Meyerhof emphasized the importance of Holocaust education, describing it as a vital history lesson on the consequences of hatred dominating a nation. “These speakers lived through it and they have a powerful message that all people deserve respect, no matter what color eyes or skin they have,” he said. Meyerhof finds great satisfaction in the transformative impact these interactions have on students. He noted that many students have shared how their conversations with the survivors have profoundly altered their perspectives and life views.
Burbank Unified School District was the first school district in U.S. to have Holocaust speakers, according to Meyerhof. This program, initiated by Sylvia Sutton from Temple Beth Emet in Burbank, was designed with a specific goal: to ensure that every student heard directly from a Holocaust survivor.
Vice Mayor Nikki Perez expressed her appreciation for the efforts to honor and acknowledge the Holocaust and its survivors in the city. “I’m thankful for the opportunity we’ve had to welcome a speaker from the program,” she said. Recalling her own experience as a BUSD student, Perez noted the profound impact these speakers had on her and her peers. Hearing directly from a survivor is “very impactful and it motivates our young people to learn more…so that history does not repeat itself,” she said.

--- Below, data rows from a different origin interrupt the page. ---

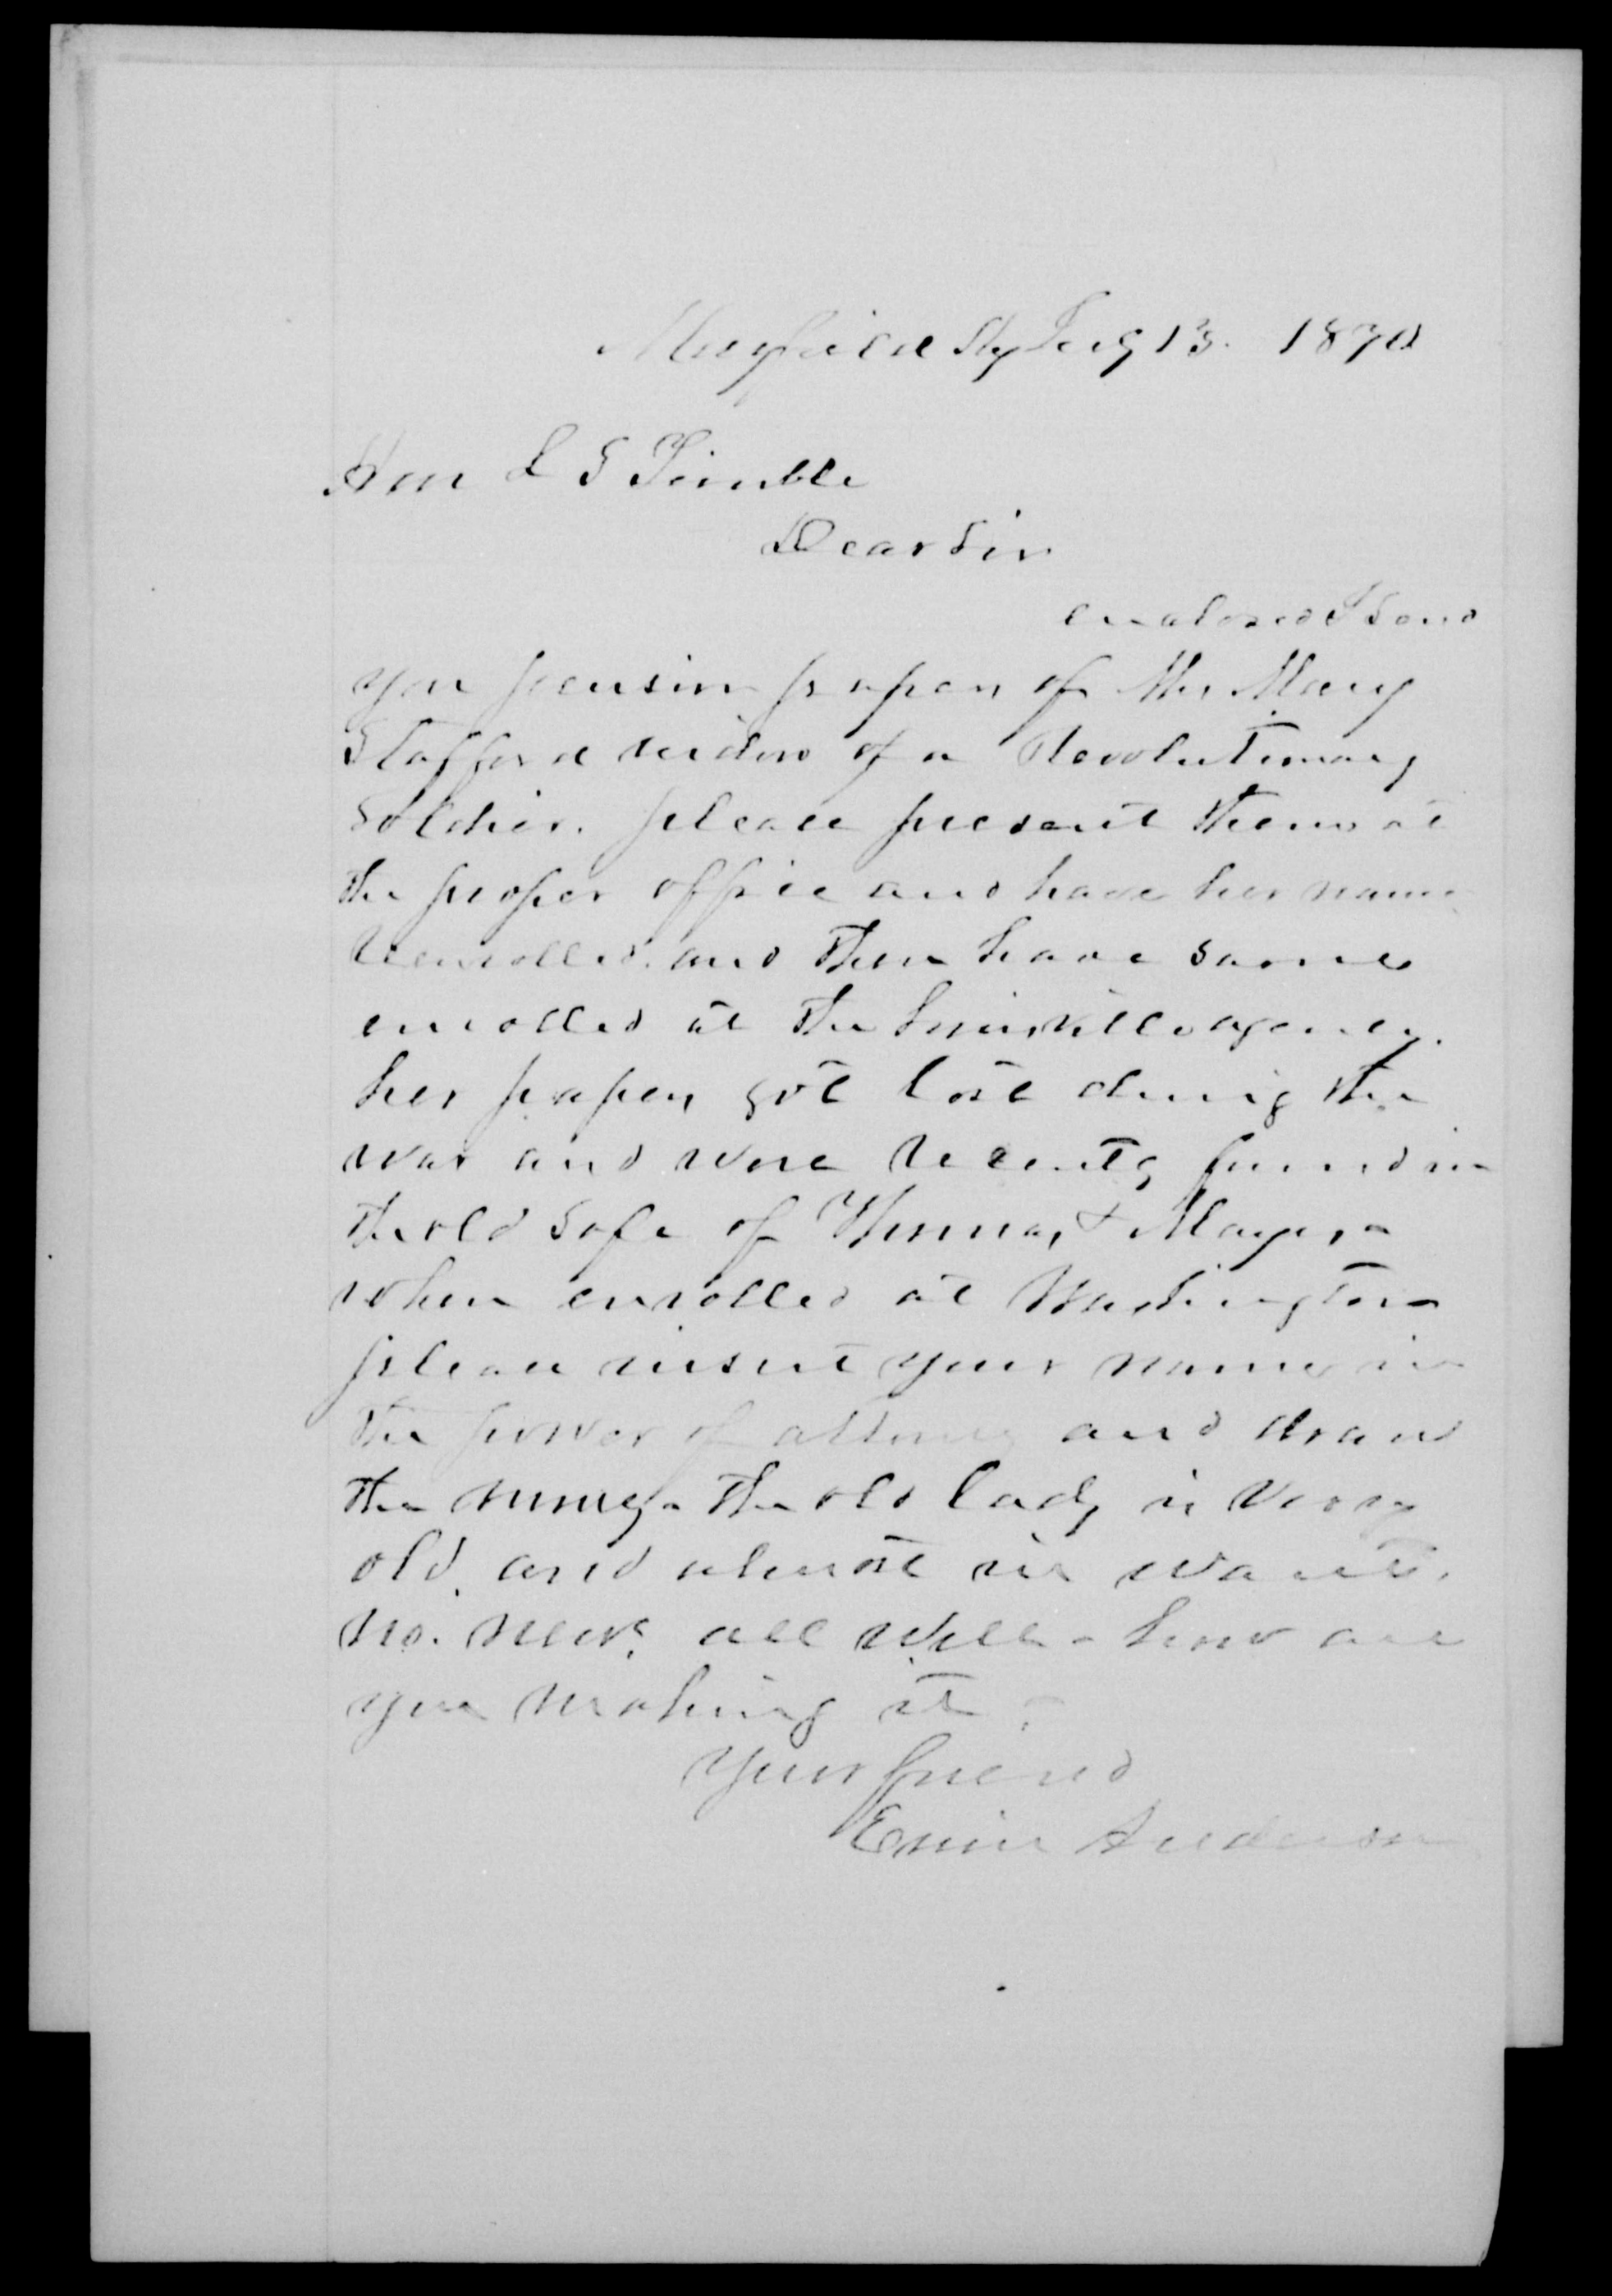Mayfield Ky July 13 1870

Hon L S Kimble
Dear Sir
Enclosed I send you pension papers of Mrs Mary Stafford widow of a Revolutionary Soldier. please present items  at the proper office and have her name enrolled, and then have same enrolled at the Louisville agency. her papers got lost during the war and were recently found in the old safe of Thomas & Mays. When enrolled at Washington please insert your name in the power of attorney and draw the money. The old lady is very old, and [undecipherable] waits. No news allwill, Serve are your making it
Your friend
Emir Anderson

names: Emie Anderson; [BLANK] Mayes; L S Timble; Thomas [BLANK]; Mary Stafford
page: 38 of 61
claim: widow's
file: W. 11554, for John Stafford, Maryland

California is one of just 26 states that have any kind of Holocaust education in the schools, Meyerhof said. According to a national survey released by the Claims Conference, 49% of millennials surveyed could not name one of the 40,000 ghettos or camps where Jews were slaughtered. And 22% of those did not know about the Holocaust at all.
Meyerhof’s commitment to education is deeply influenced by findings such as these. He believes that students are most profoundly impacted by firsthand accounts from Holocaust survivors. However, the opportunity for such direct interactions is dwindling with time.
Initially, Meyerhof coordinated the Holocaust Survivor Speaker program with a roster of 25 survivors. Over the years, as time has taken its toll, the number has significantly diminished. Now, only eight survivors remain in the program, a stark reminder of the urgency to preserve their stories.
In his address, Meyerhof presented a powerful video interview featuring Joseph Alexander, a centenarian who endured the horrors of 12 concentration camps. The atmosphere in the Burbank City Council chamber was one of profound silence, punctuated only by Alexander’s vivid descriptions. The audience was captivated by the haunting images of the boxcars used to transport Jews to concentration camps, as Alexander recounted his experiences within them.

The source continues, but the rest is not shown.